Documentation
¶
Overview ¶
Package longmemeval provides a synthetic LongMemEval-style benchmark dataset with 10 QA pairs testing temporal reasoning, multi-hop retrieval, and knowledge-update (superseded memory) scenarios.
LongMemEval specifically probes an agent's ability to recall information from long-horizon conversation histories, including cases where facts have changed over time.
Package longmemeval implements the LongMemEval benchmark harness.
Index ¶
Constants ¶
This section is empty.
Variables ¶
This section is empty.
Functions ¶
func Run ¶
Run ingests all synthetic LongMemEval facts and evaluates all QA pairs. It returns a BenchmarkSummary with individual and aggregate results.
For each QA pair:
- Ingest all facts via client.Store.
- Run Recall(question, k) to retrieve relevant memories.

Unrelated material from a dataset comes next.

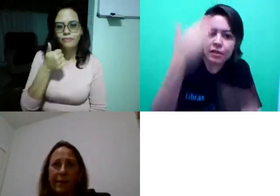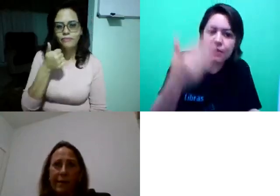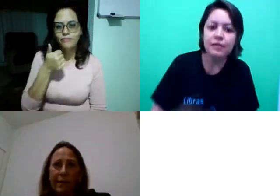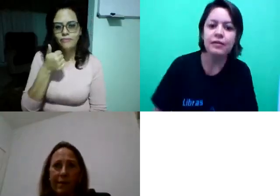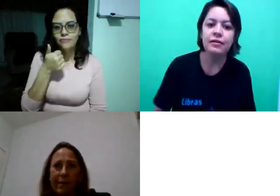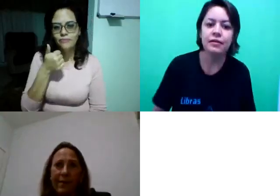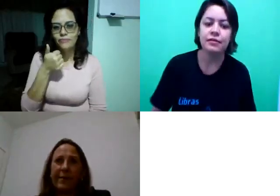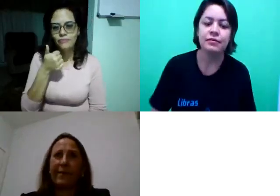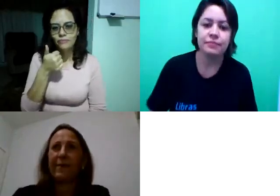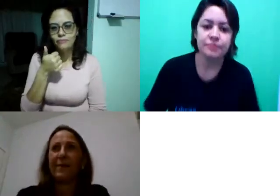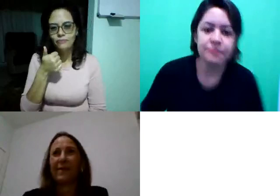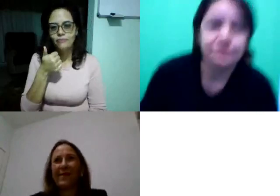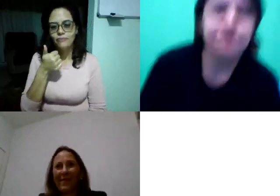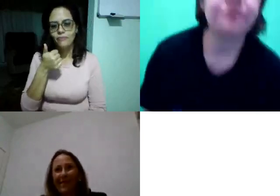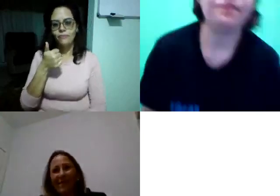Obrigada.

- Score: ExactMatch + TokenF1 + RecallAtK.
Types ¶
type MemoryFact ¶
type MemoryFact struct {
Content string
// DatasetValidFrom and DatasetValidTo are dataset metadata for human
// readability only. The "Dataset" prefix is intentional: these fields are
// NOT forwarded to the openclaw-cortex binary — the harness calls
// client.Store(ctx, fact.Content) and ignores them entirely.
// Temporal-versioning paths (valid_from/valid_to in the store, --supersedes,
// SearchFilters.AsOf) are therefore out of scope for this harness; it measures
// semantic retrieval only. See longmemeval/harness.go for the full rationale.
DatasetValidFrom string // e.g. "2024-01" — dataset documentation only; NOT passed to binary
DatasetValidTo string // non-empty = superseded fact; NOT passed as --supersedes
}
MemoryFact is a pre-formed statement that gets ingested directly via Store (rather than a full conversation turn) to simulate a long conversation history.